> TASK DESCRIPTION: Your task is to copy each line of the listing that contains the word "serif".

> TASK DATA:
---*---

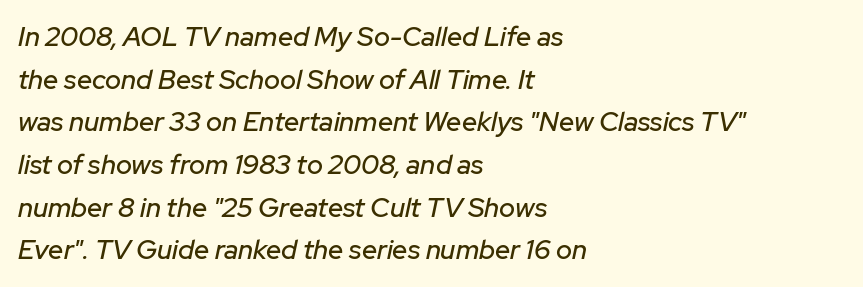
{"italic": "yes", "lean": "right", "slant_degrees": 12, "underline": "no", "align": "left", "line_spacing": "normal", "line_spacing_ratio": 1.58, "letter_spacing": "normal", "letter_spacing_em": 0.0, "glyph_px": 27}
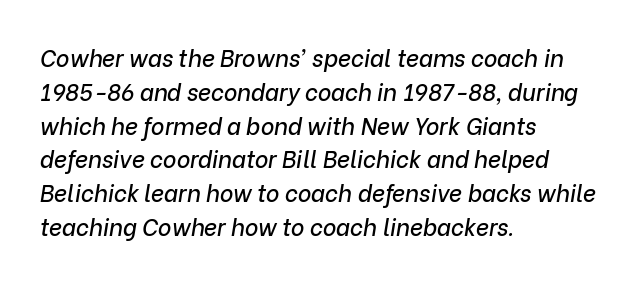
If you drew a ruler down the left edge, every line would touch it. The rows are spaced the way most documents space them. Descender tails drop into unmarked territory. The axis of the letterforms is tilted away from vertical. A typesetter would call this zero additional tracking.
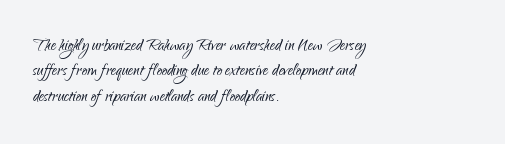
A bare baseline throughout the passage. Line beginnings align vertically; line endings do not. This sample uses plain, unmodified letter spacing. Is this a heavy cut? Hardly; it is regular or lighter.
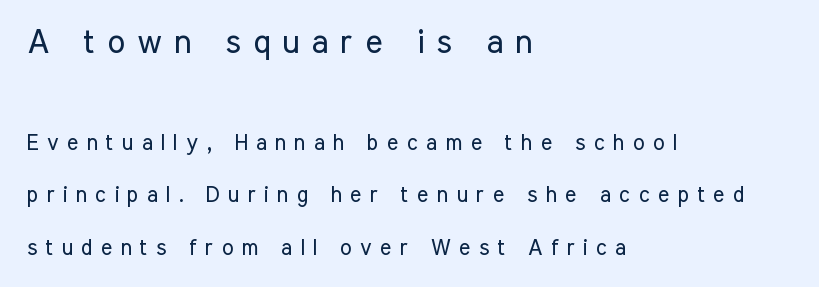
Q: Is the text bold? A: No.
Q: Is the text italic (slanted)? A: No, it is upright.
Q: Is the typeface a serif or a sans-serif typeface? A: Sans-serif.
Q: Is the text underlined? A: No.
Q: How is the paragraph aligned? A: Left-aligned.
Q: Is the spacing between letters normal or unusually wide? A: Unusually wide.
Q: Is the spacing between lines tight, normal or loose? A: Loose.
Q: Which block of text is set in a larger size, the first (top) or the second (bottom)? A: The first (top) one.
Q: Width (condensed, normal, or wide)? A: Condensed.
Q: Stroke contrast? A: Low.
Q: x-height? A: Medium.
Q: Monospaced? A: No.
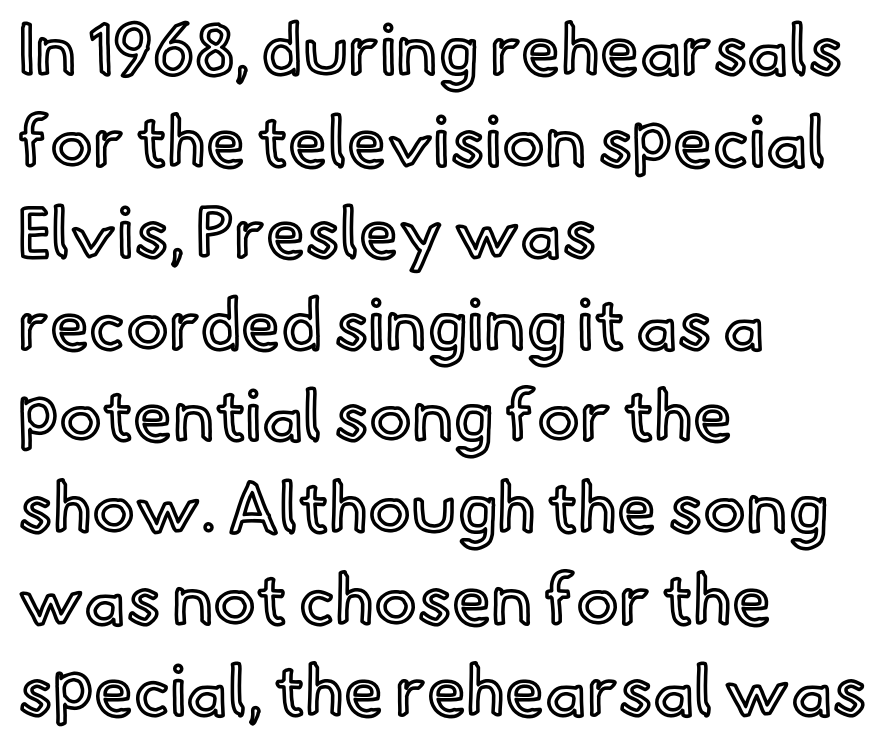
These lines stack with their left ends in a neat column. The rendering uses a moderate line-height, typical for paragraphs. This rendering leaves character spacing at its baseline value. The passage shown is not underscored anywhere. You could not count columns in this text — the font is proportionally spaced.
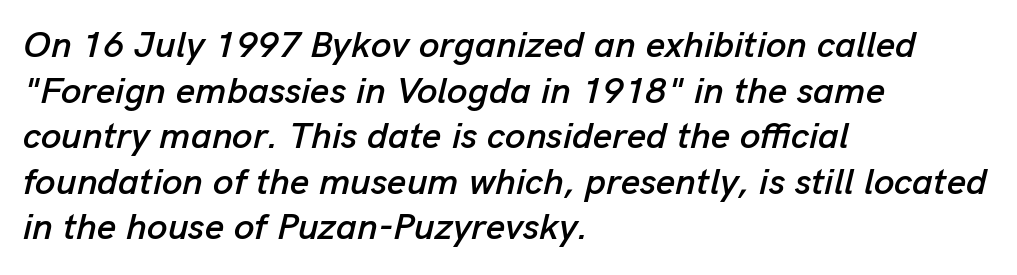
The image shows 37 px text type, italic (leaning right); set left-aligned, line spacing 1.23x, normal letter spacing, not underlined; low stroke contrast and a medium x-height.
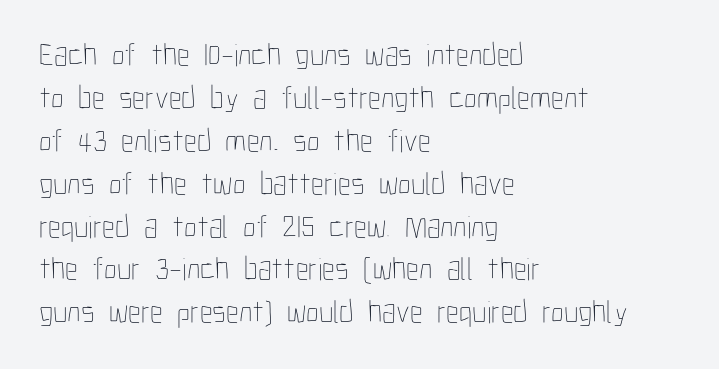
{"italic": "no", "bold": "no", "weight": "thin", "width": "condensed", "stroke_contrast": "low", "x_height": "medium", "monospaced": "no", "underline": "no", "align": "left", "line_spacing": "normal", "line_spacing_ratio": 1.34, "letter_spacing": "normal", "letter_spacing_em": 0.0, "glyph_px": 32}
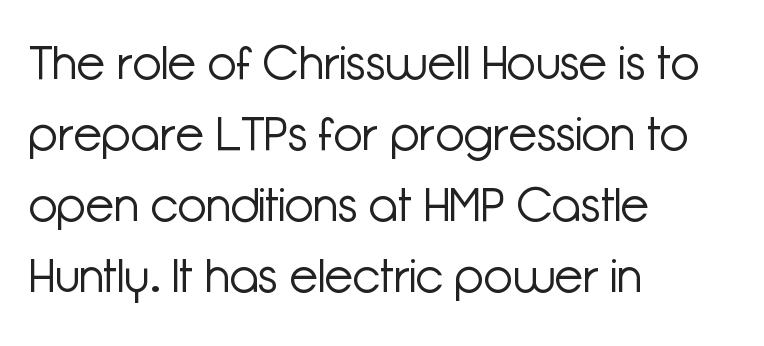
The image shows 47 px light sans-serif type, upright; set left-aligned, normal line spacing (1.51x), normal letter spacing, not underlined; low stroke contrast and a medium x-height.

---*---

> RESPONSE AREA:
Q: Is the typeface a serif or a sans-serif typeface? A: Sans-serif.
The image shows 47 px light sans-serif type, upright; set left-aligned, normal line spacing (1.51x), normal letter spacing, not underlined; low stroke contrast and a medium x-height.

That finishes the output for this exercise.